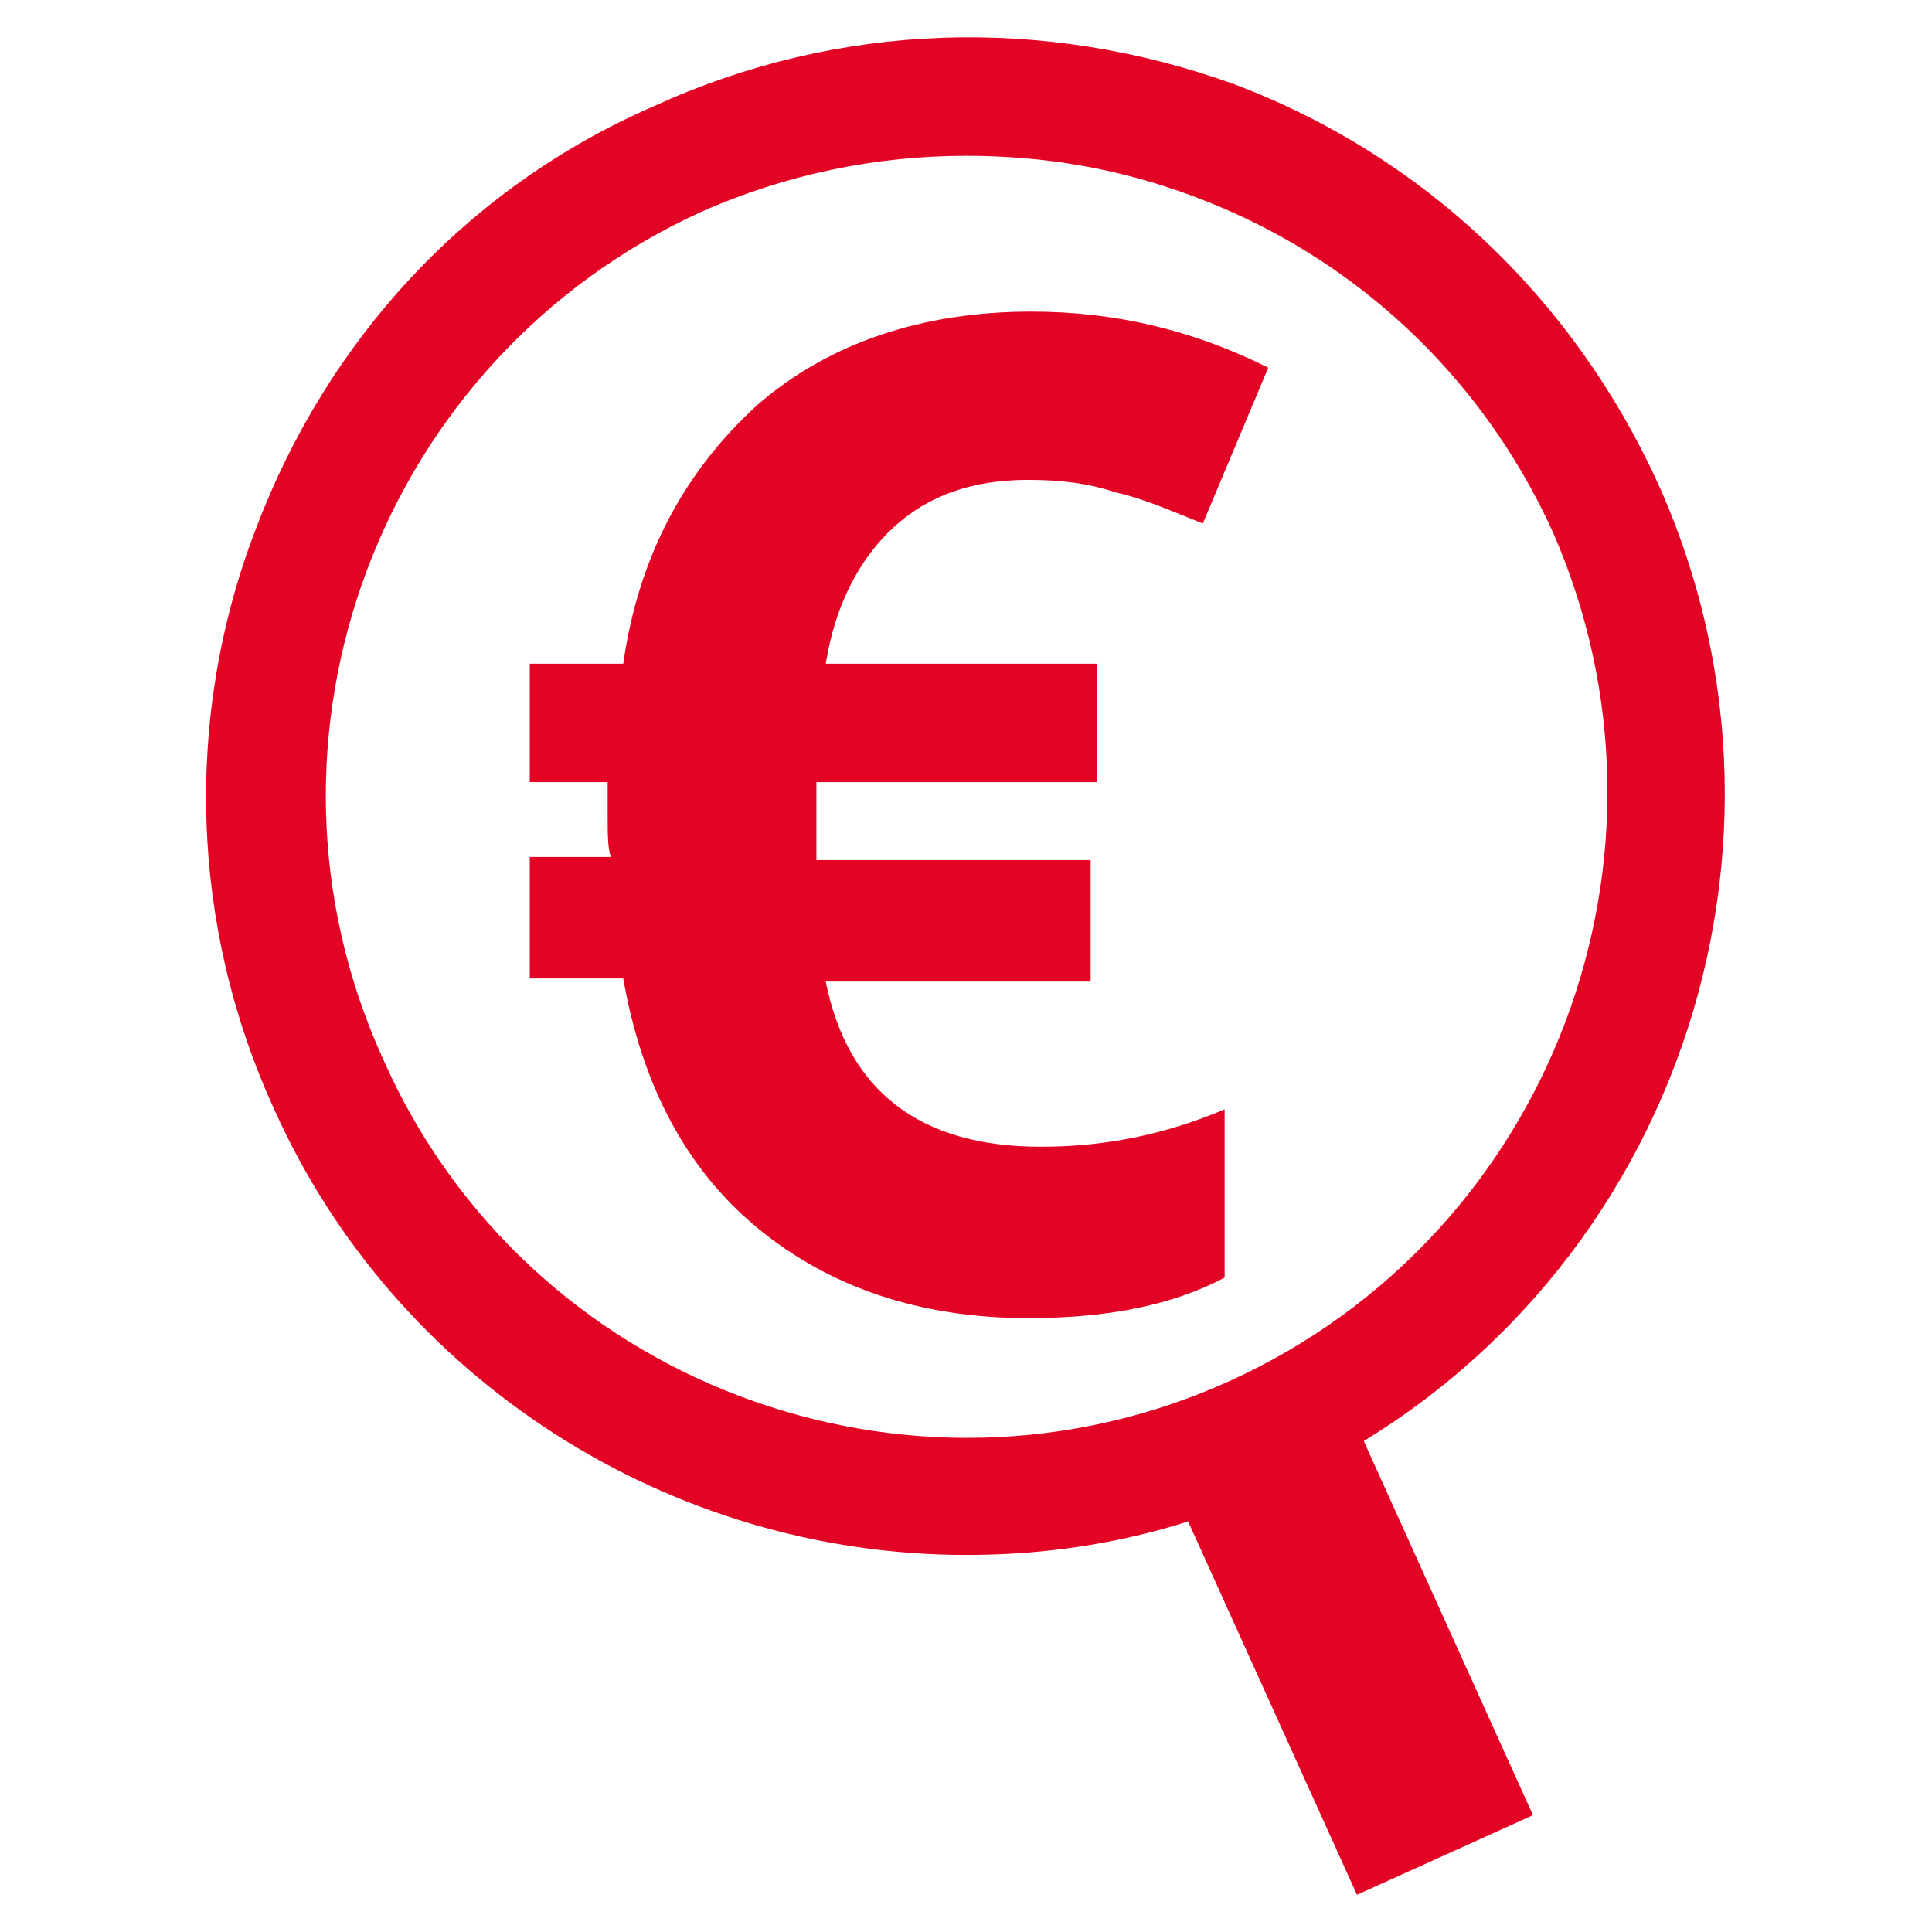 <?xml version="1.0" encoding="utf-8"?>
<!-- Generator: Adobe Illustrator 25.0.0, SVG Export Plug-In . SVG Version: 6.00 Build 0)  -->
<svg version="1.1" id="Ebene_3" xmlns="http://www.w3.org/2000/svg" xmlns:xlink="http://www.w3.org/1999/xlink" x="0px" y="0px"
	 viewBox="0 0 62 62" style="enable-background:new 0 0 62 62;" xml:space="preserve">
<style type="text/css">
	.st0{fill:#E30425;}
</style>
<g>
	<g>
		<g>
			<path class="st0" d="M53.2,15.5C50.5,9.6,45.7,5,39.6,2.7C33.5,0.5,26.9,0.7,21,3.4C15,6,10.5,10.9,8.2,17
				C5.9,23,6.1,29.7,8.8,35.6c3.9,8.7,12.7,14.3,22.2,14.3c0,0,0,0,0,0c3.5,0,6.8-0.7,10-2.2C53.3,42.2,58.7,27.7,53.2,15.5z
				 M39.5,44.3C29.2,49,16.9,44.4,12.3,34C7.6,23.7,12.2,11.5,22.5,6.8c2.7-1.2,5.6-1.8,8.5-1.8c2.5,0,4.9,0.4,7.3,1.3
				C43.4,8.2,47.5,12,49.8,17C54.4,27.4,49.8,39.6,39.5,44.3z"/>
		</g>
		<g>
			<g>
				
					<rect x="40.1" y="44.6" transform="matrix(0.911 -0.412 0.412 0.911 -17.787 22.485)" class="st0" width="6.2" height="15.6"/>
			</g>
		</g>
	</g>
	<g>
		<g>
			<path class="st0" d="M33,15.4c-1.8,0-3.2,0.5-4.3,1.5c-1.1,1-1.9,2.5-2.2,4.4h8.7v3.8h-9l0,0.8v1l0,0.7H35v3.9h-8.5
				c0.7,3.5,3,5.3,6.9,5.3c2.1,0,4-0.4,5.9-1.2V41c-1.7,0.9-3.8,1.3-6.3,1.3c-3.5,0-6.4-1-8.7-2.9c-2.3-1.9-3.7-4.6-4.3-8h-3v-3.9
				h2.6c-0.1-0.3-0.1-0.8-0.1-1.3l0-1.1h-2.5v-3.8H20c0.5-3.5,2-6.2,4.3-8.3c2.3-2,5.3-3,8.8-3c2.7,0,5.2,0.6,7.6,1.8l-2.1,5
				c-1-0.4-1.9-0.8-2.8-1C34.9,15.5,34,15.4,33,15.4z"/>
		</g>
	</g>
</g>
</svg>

◆ WHAT TO WORK ON
Where a line of the records contains the word "style", copy that line.

◆ RESULT OF THE TASK
	 viewBox="0 0 62 62" style="enable-background:new 0 0 62 62;" xml:space="preserve">
<style type="text/css">
</style>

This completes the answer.